At the same time, I have lived with bloating, abdominal pain and indigestion for as long as I can remember – until a debilitating incident two years ago that left me on the floor, undergoing countless scans, two colonoscopies and taking painkillers. After seeing a couple of renowned gastrointestinal specialists, I was finally diagnosed with Small Intestinal Bacterial Overgrowth (SIBO) and Irritable Bowel Syndrome (IBS).
According to the International Foundation for Gastrointestinal Disorders (IFFGD), about 20% to 40% of all visits to gastroenterologists are due to IBS symptoms – and two out of three IBS sufferers are female. I’d like to share my personal journey of the situation I was in, what I tried, and how things worked for me. Everyone’s experience is different, but I hope that mine can help you realise that there is a way you can heal what some doctors term, the “second brain”, your gut.
What’s IBS?
Functional gastrointestinal (GI) disorders are the most common GI issues in the general population. Based on estimates from Healthxchange.sg, nearly one in 10 Singaporeans suffers from IBS.
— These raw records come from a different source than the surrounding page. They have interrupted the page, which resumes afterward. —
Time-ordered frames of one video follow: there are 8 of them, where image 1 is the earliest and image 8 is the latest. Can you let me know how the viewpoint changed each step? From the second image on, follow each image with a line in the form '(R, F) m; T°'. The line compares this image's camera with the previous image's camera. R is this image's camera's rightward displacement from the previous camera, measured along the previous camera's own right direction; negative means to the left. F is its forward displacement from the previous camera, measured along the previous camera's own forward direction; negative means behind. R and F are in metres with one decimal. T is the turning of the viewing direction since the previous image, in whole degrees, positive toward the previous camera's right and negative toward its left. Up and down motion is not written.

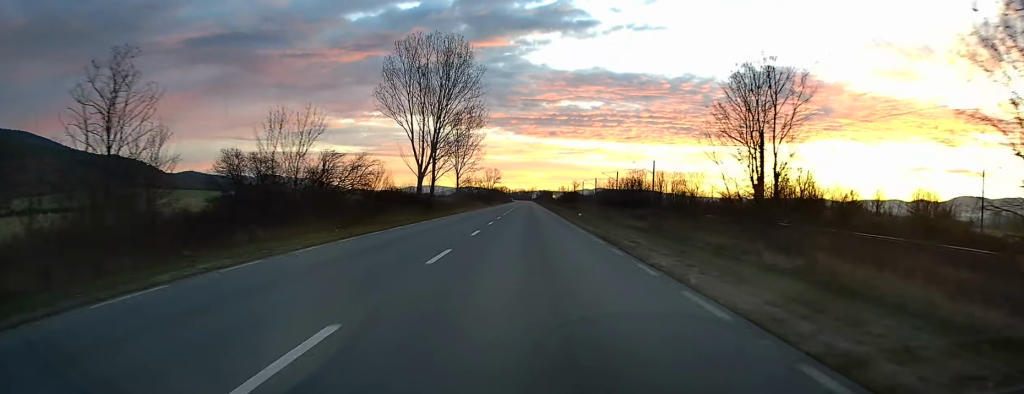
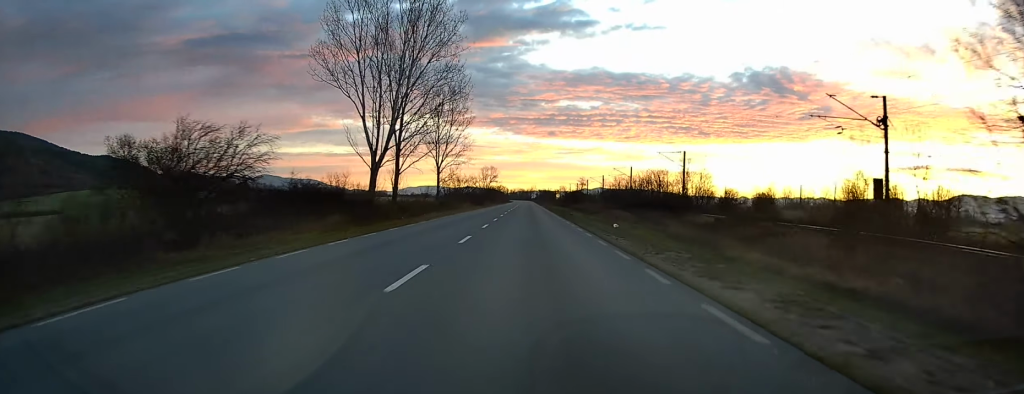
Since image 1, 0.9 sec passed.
(0.0, +21.3) m; 0°
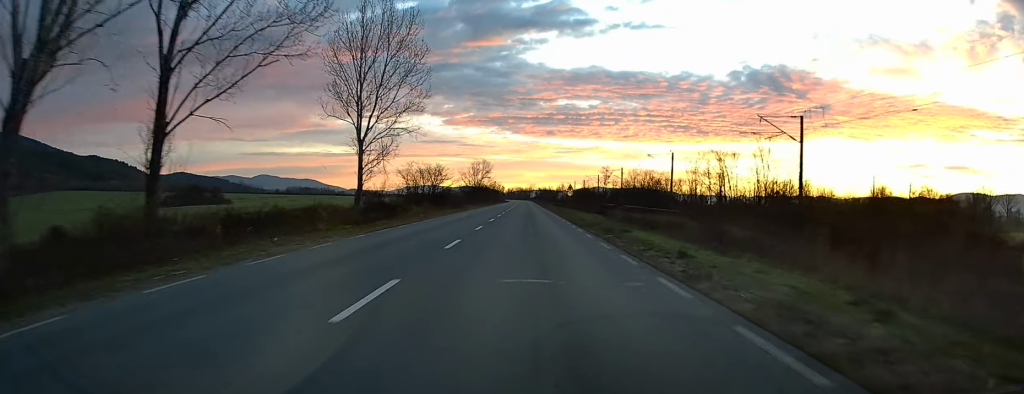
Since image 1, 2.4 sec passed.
(0.0, +37.8) m; 0°
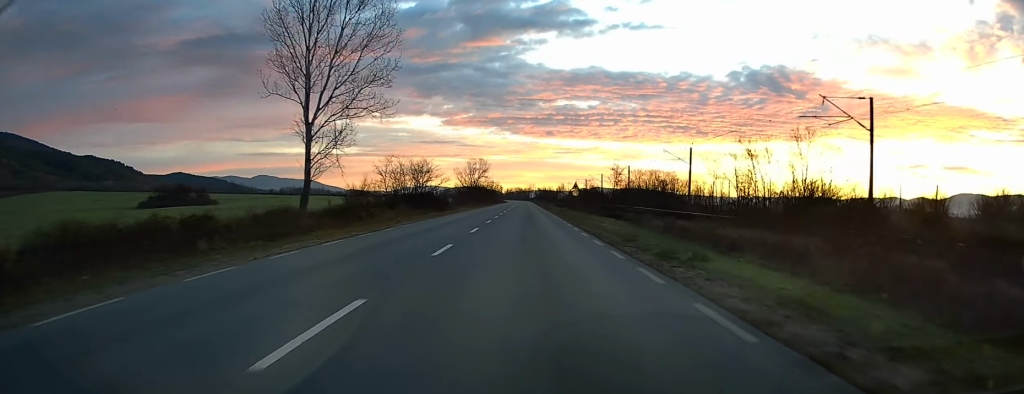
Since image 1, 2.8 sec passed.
(0.0, +10.7) m; 0°
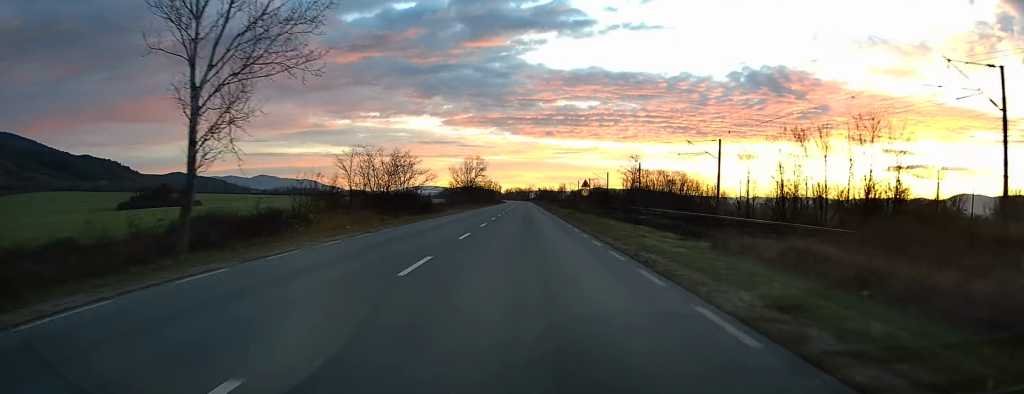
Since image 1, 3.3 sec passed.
(0.0, +12.4) m; 0°
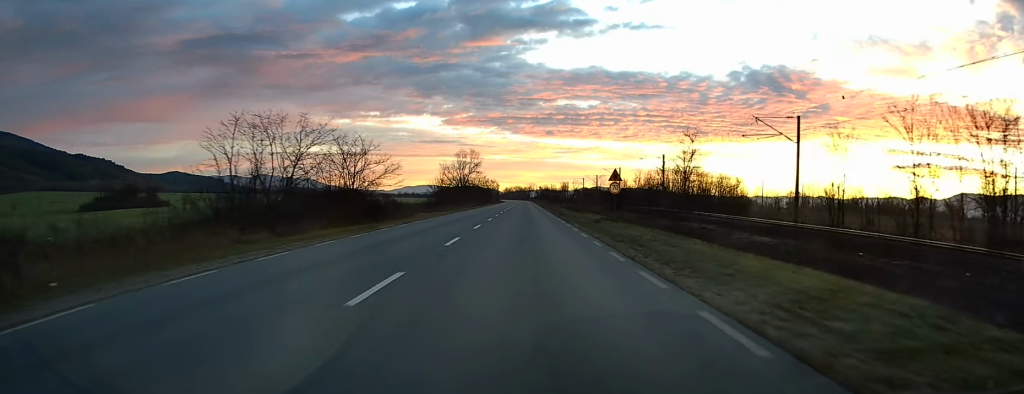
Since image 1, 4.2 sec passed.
(0.0, +20.7) m; +1°
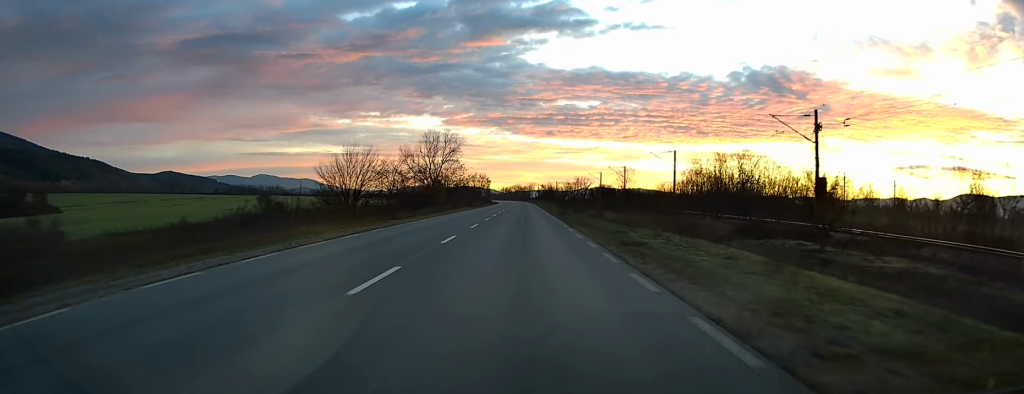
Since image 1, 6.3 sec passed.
(0.0, +53.0) m; -1°
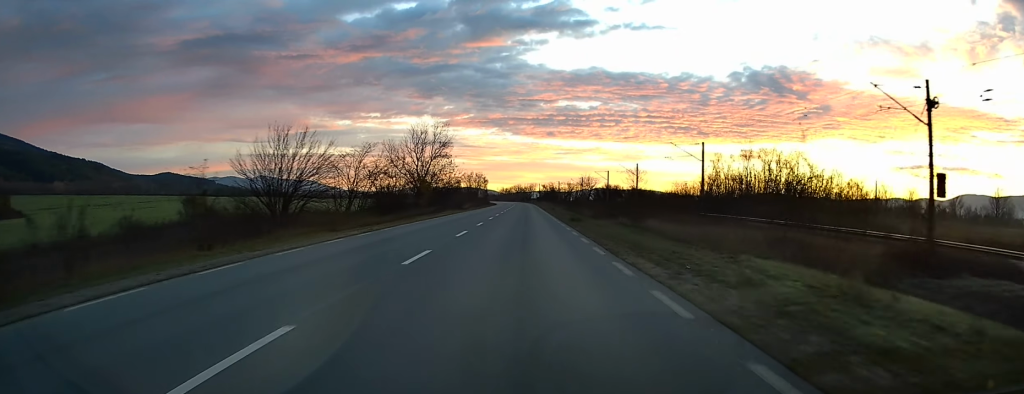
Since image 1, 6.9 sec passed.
(0.0, +14.1) m; +1°

IBS is a common disorder that affects the large intestine. Signs and symptoms include cramping, abdominal pain, bloating, gas, irregular bowel movements. The exact cause of IBS is not known but symptoms may result from a disturbance in the way the gut, brain, and nervous systems interact, according to IFFGD. It is a chronic condition that requires long-term management. Some studies indicate that up to 80% of people with IBS have SIBO.
And what’s SIBO?
In a nutshell, SIBO means that the bacteria that live in your small intestine are overgrown, and the bacteria that normally maintain balance among your gut flora aren’t working.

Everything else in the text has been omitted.